> Task objective: Exclude the pictures and transcribe the rest of the data below exactly.

> Given material:
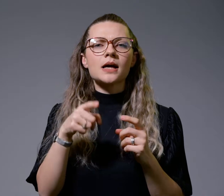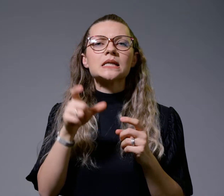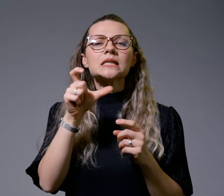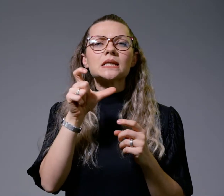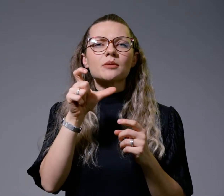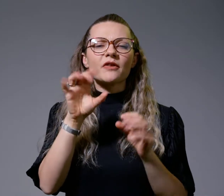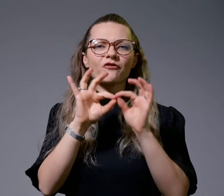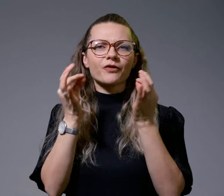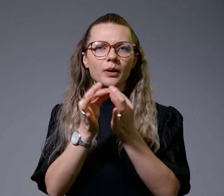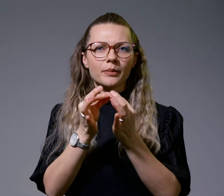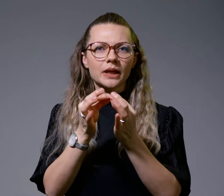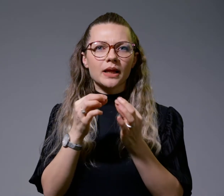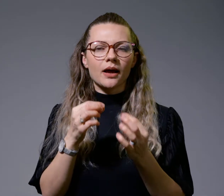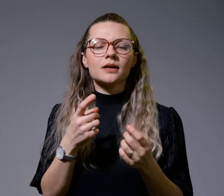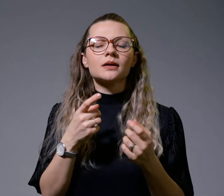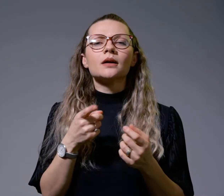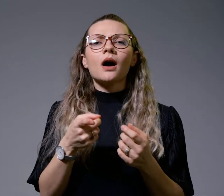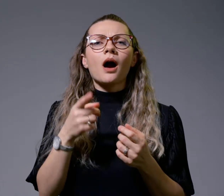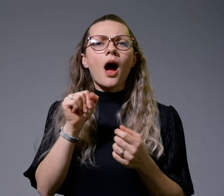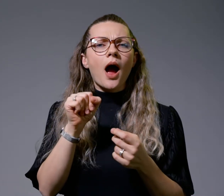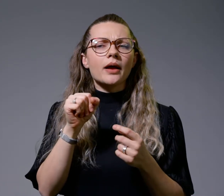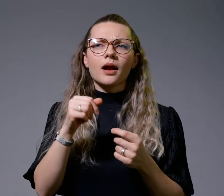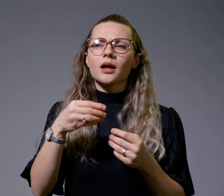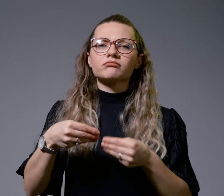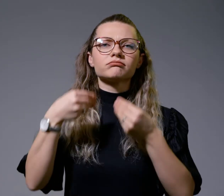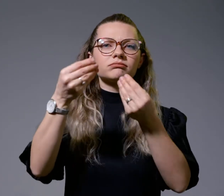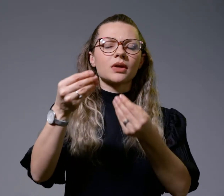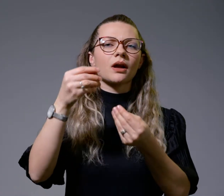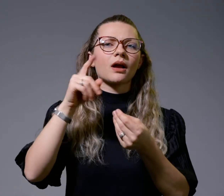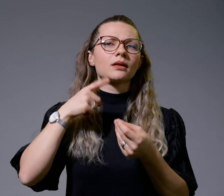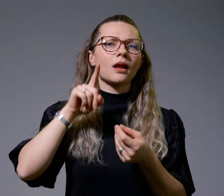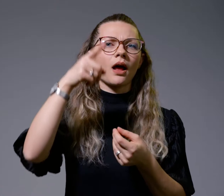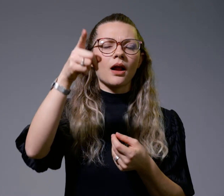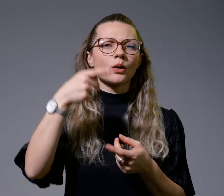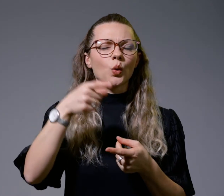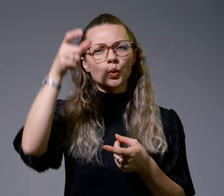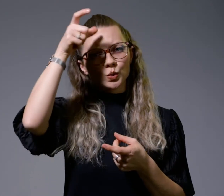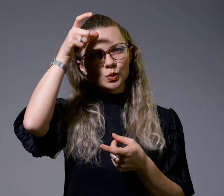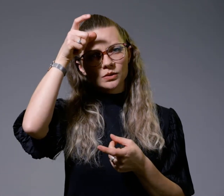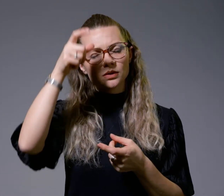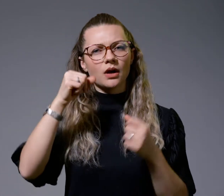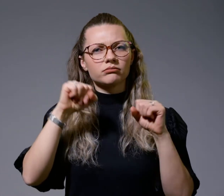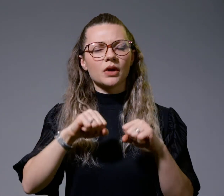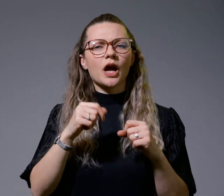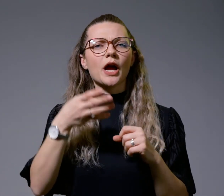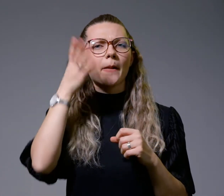Анјеле бил однесен некаде далеку во Османлиската империја, а Анја во родното Старавина,
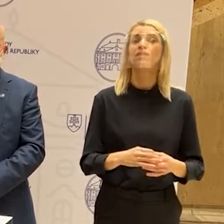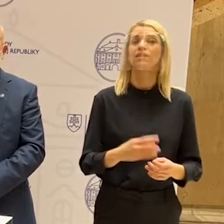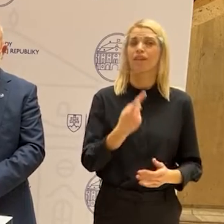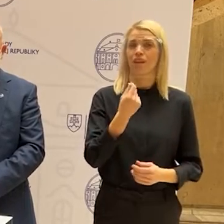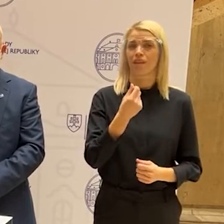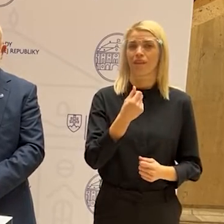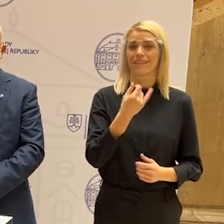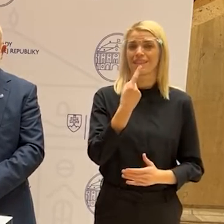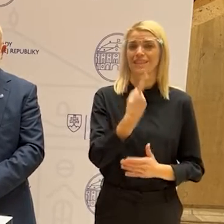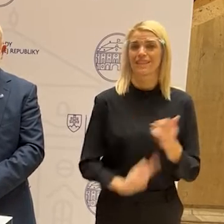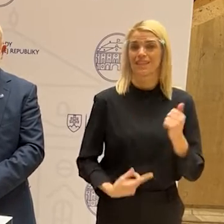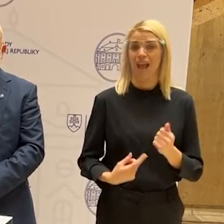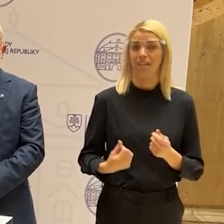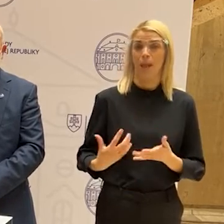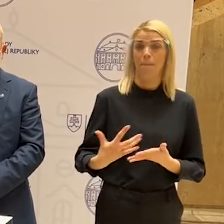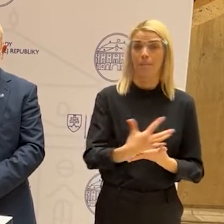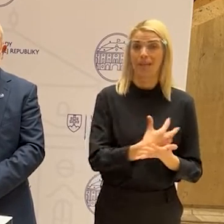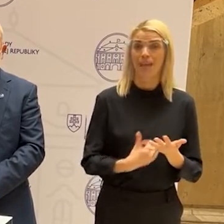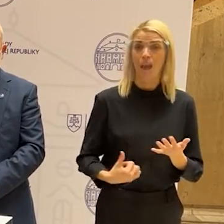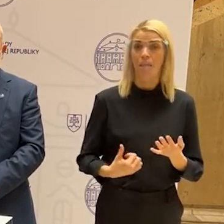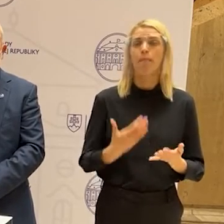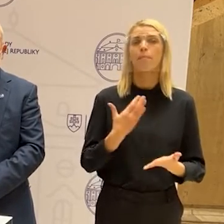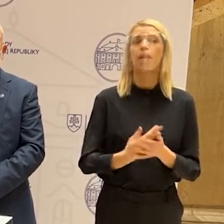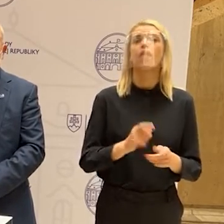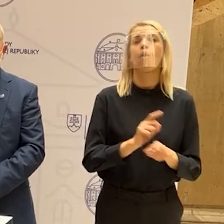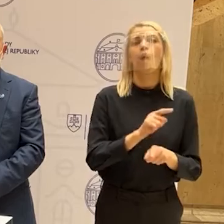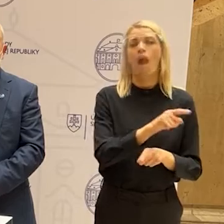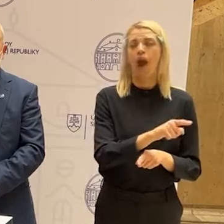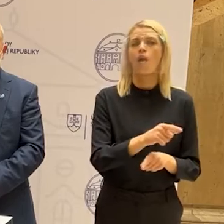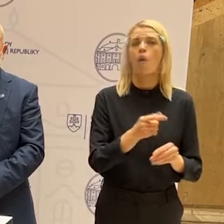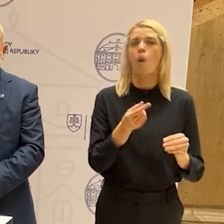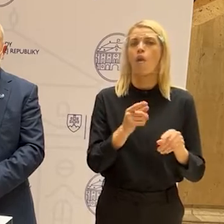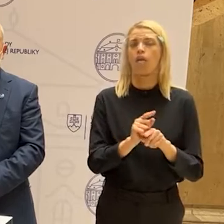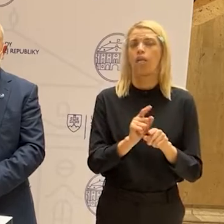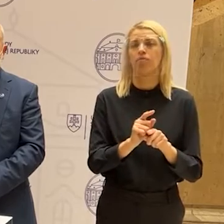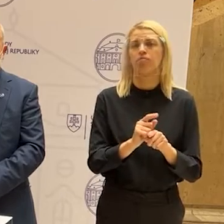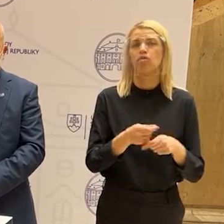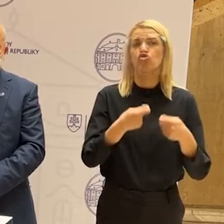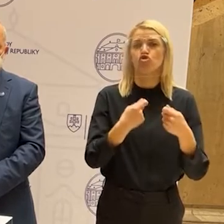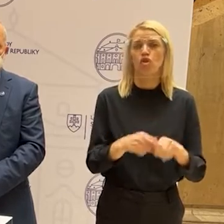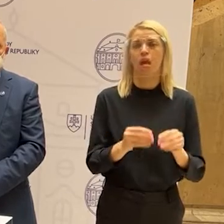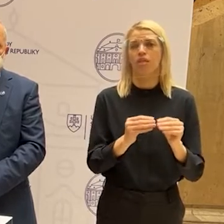sa svojím rovným, že sa si mohli záražiť to, čo vlastne deti, rodiči, ktorí sú vládia?
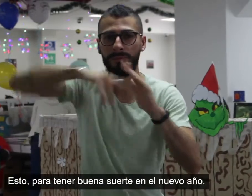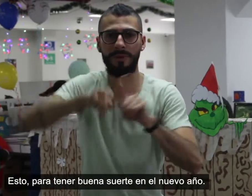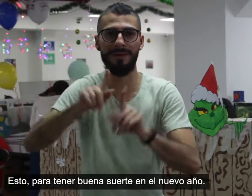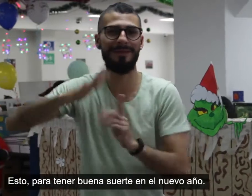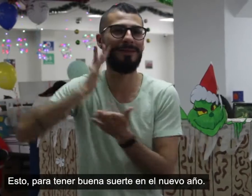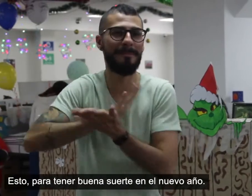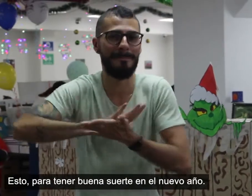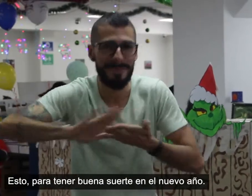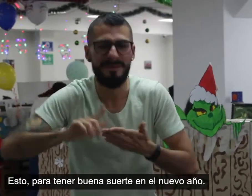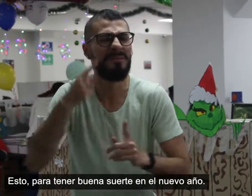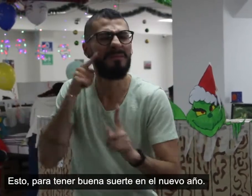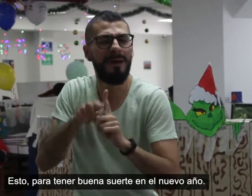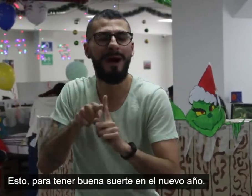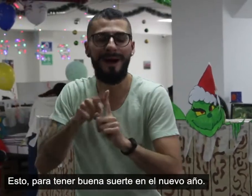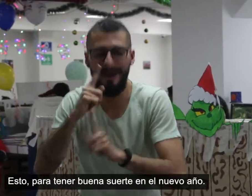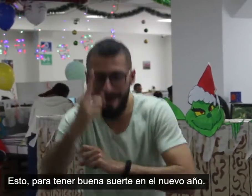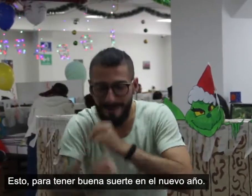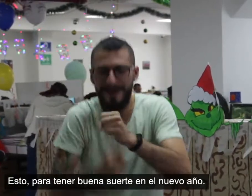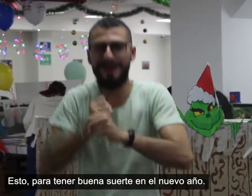Esto para tener buena suerte en el nuevo año.
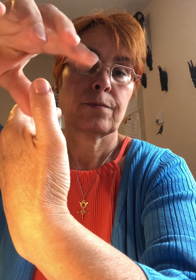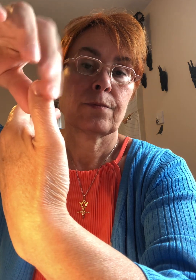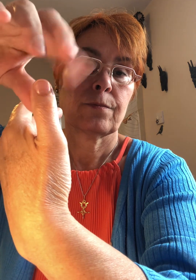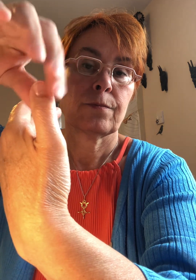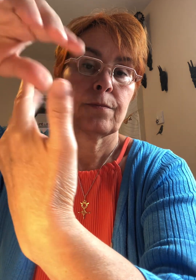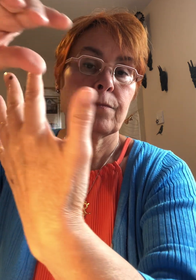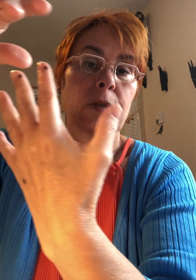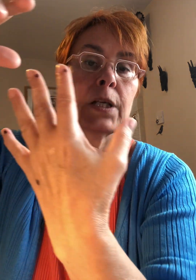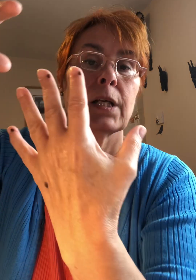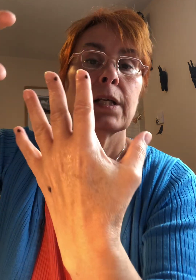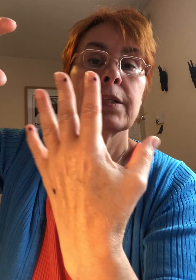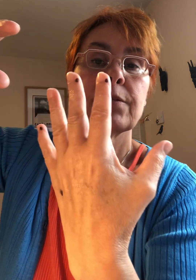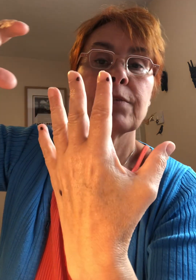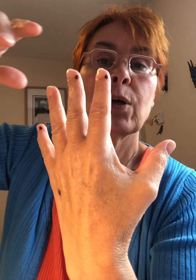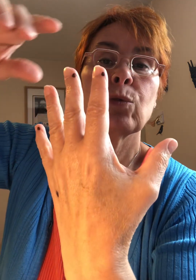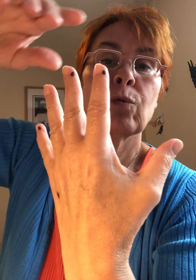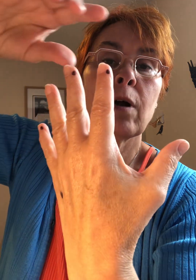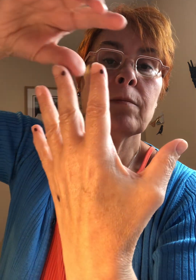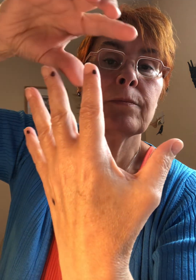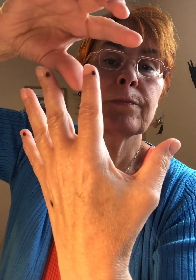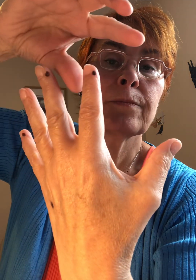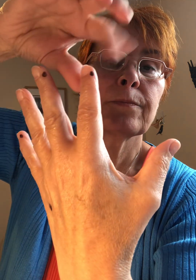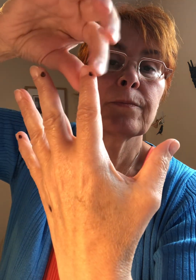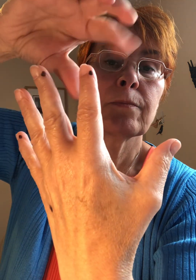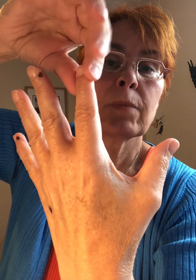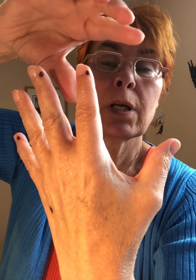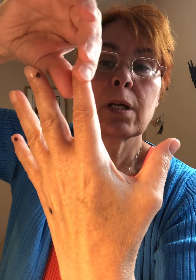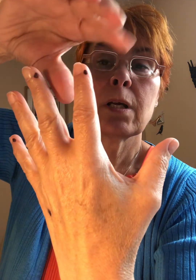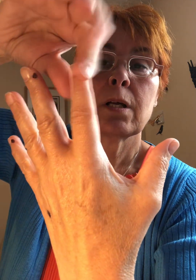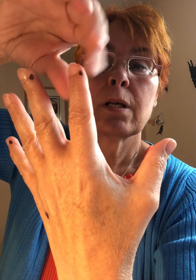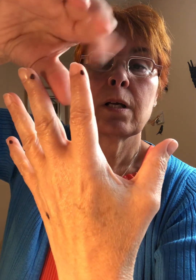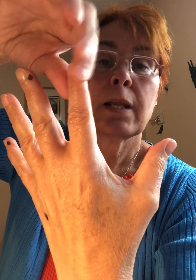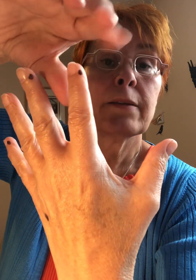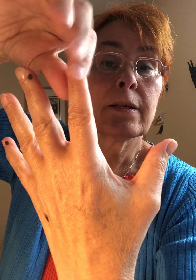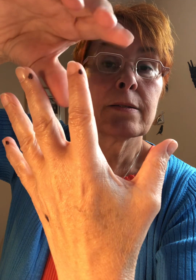les différents doigts l'index

> Task solution:
Анјеле бил однесен некаде далеку во Османлиската империја, а Анја во родното Старавина,
sa svojím rovným, že sa si mohli záražiť to, čo vlastne deti, rodiči, ktorí sú vládia?
Esto para tener buena suerte en el nuevo año.
les différents doigts l'index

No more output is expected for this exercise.